In summary, action research provided a guiding strategy for the sequences of research activity, and systems engineering provided a strategy for conceptualising the outcomes of this activity and formulating interventions. Both strategies are connected to design processes in their iterations of activity between concept and detail, between thought and action, and between analysis of how things ‘are’ and how they ‘ought to be’ (Hevner et al., 2004). Designers’
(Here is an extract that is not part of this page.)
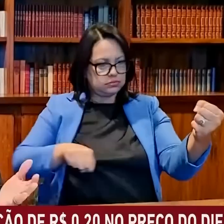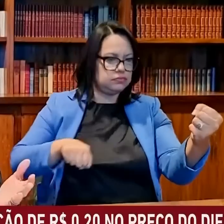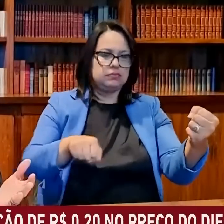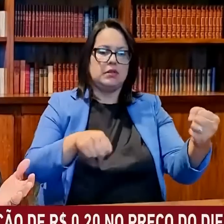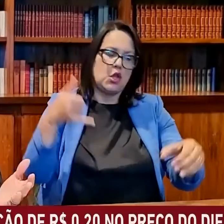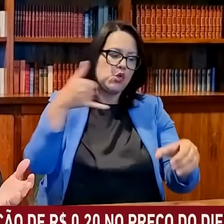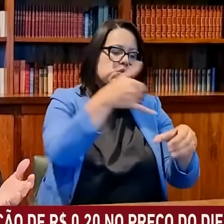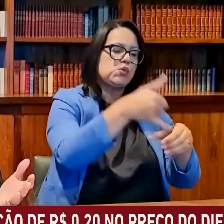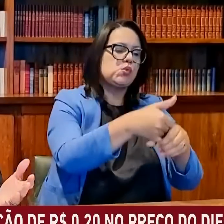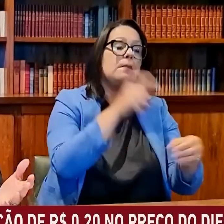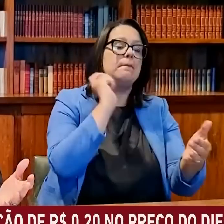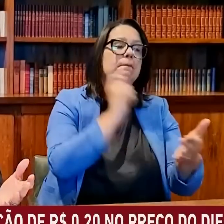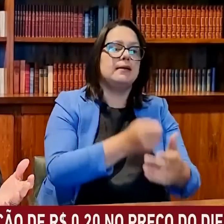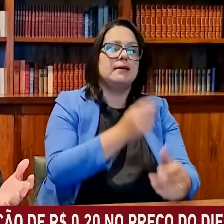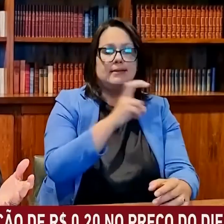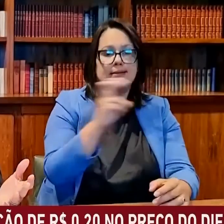500 litros disso.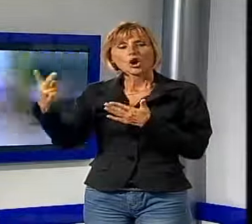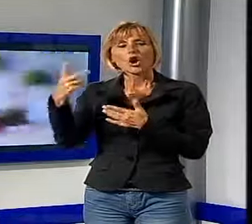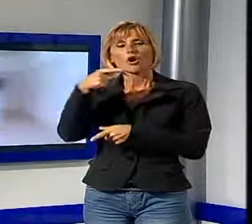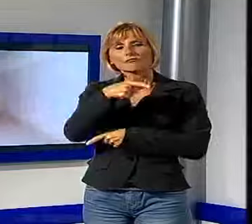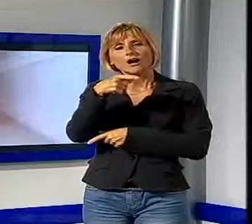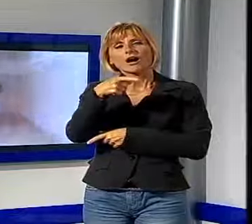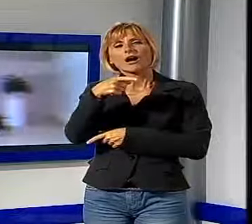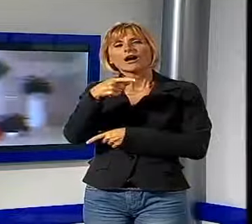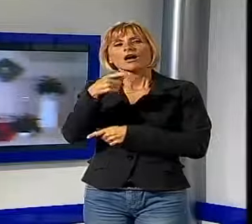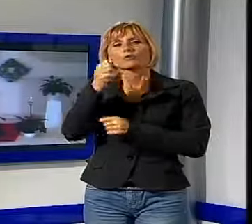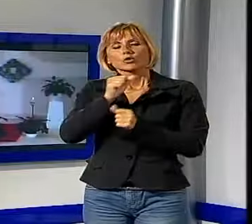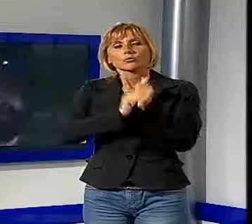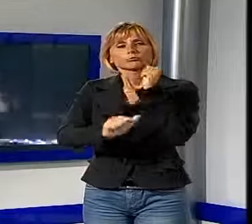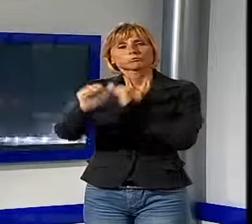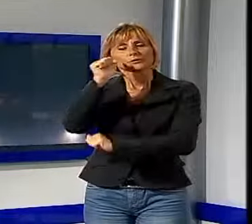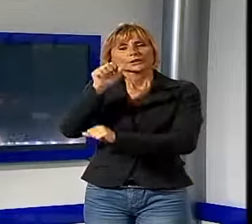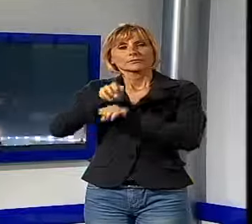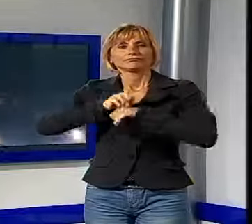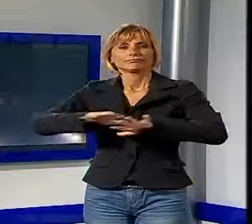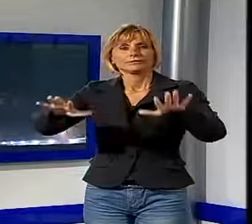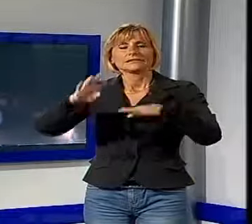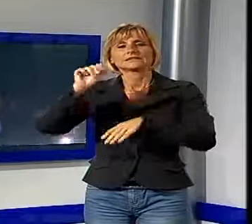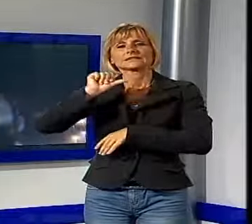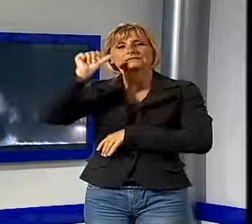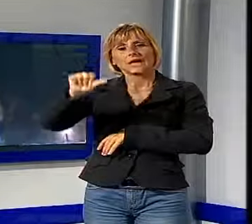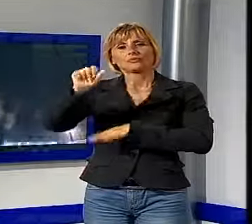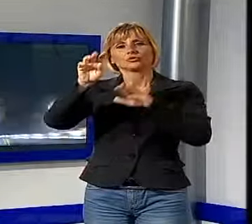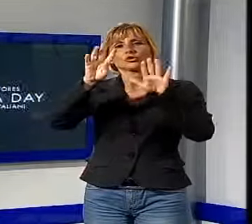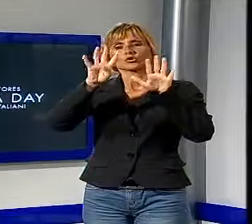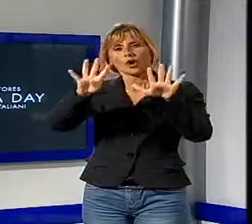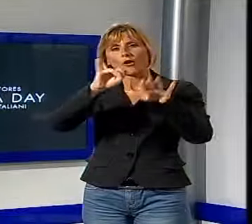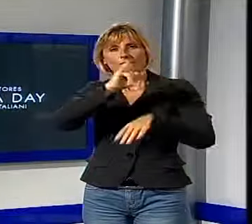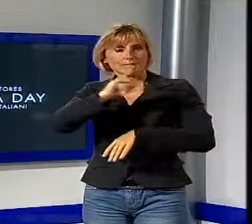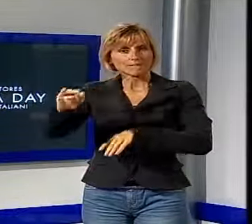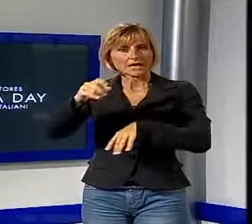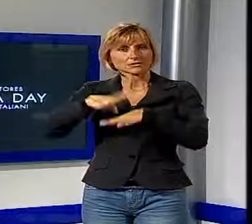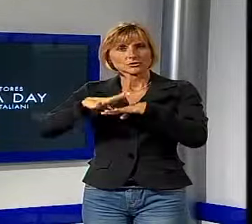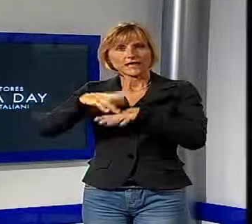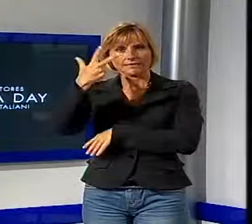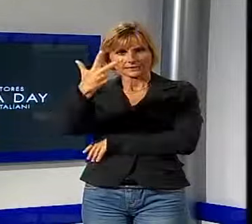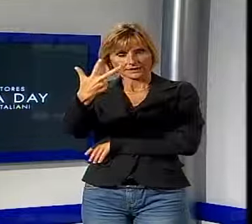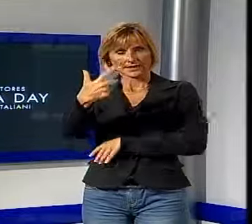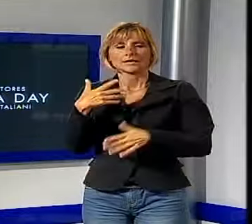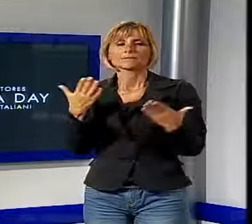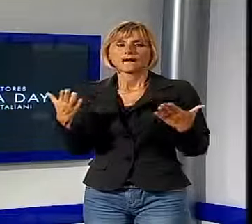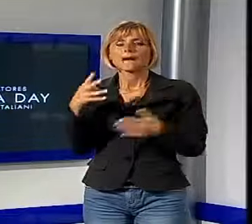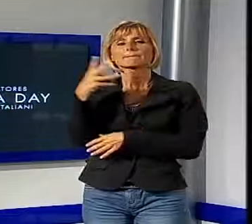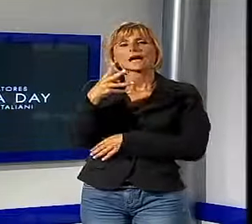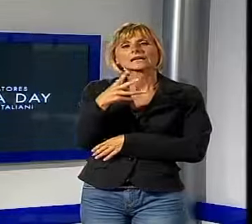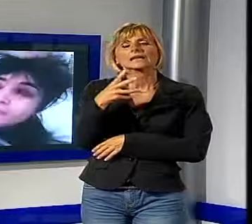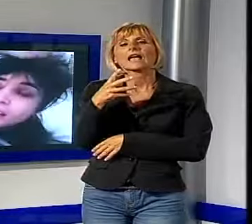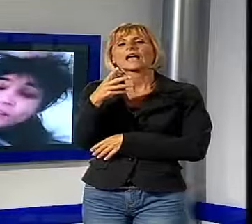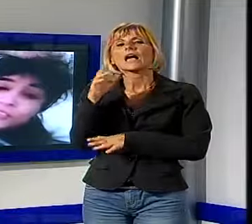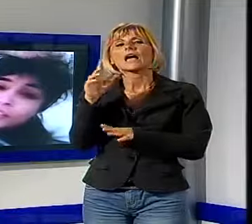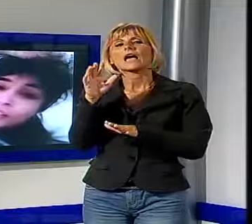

knowledge can be said to be primarily of the artificial world – the human-made world of artefacts, and changes or additions to it (Cross, 2001) – this is different to knowledge of the natural world. The normative is more inherent in the artificial; the question of how things ought to be cannot be avoided or considered outside the designer’s remit, and the designer cannot remain a detached observer. The author’s experience as a designer-practitioner implies a

‘designerly’ way of knowing, and a strategy that begins from, and cyclically returns to, a normative vision of a modified construction industry context. The research strategy thus cycles between description of problems within an existing context (observation and reflection), proposal of alternative scenarios in which problems are solved (planning), and provisional testing of intervention and realisation systems needed to achieve the change (action and observation).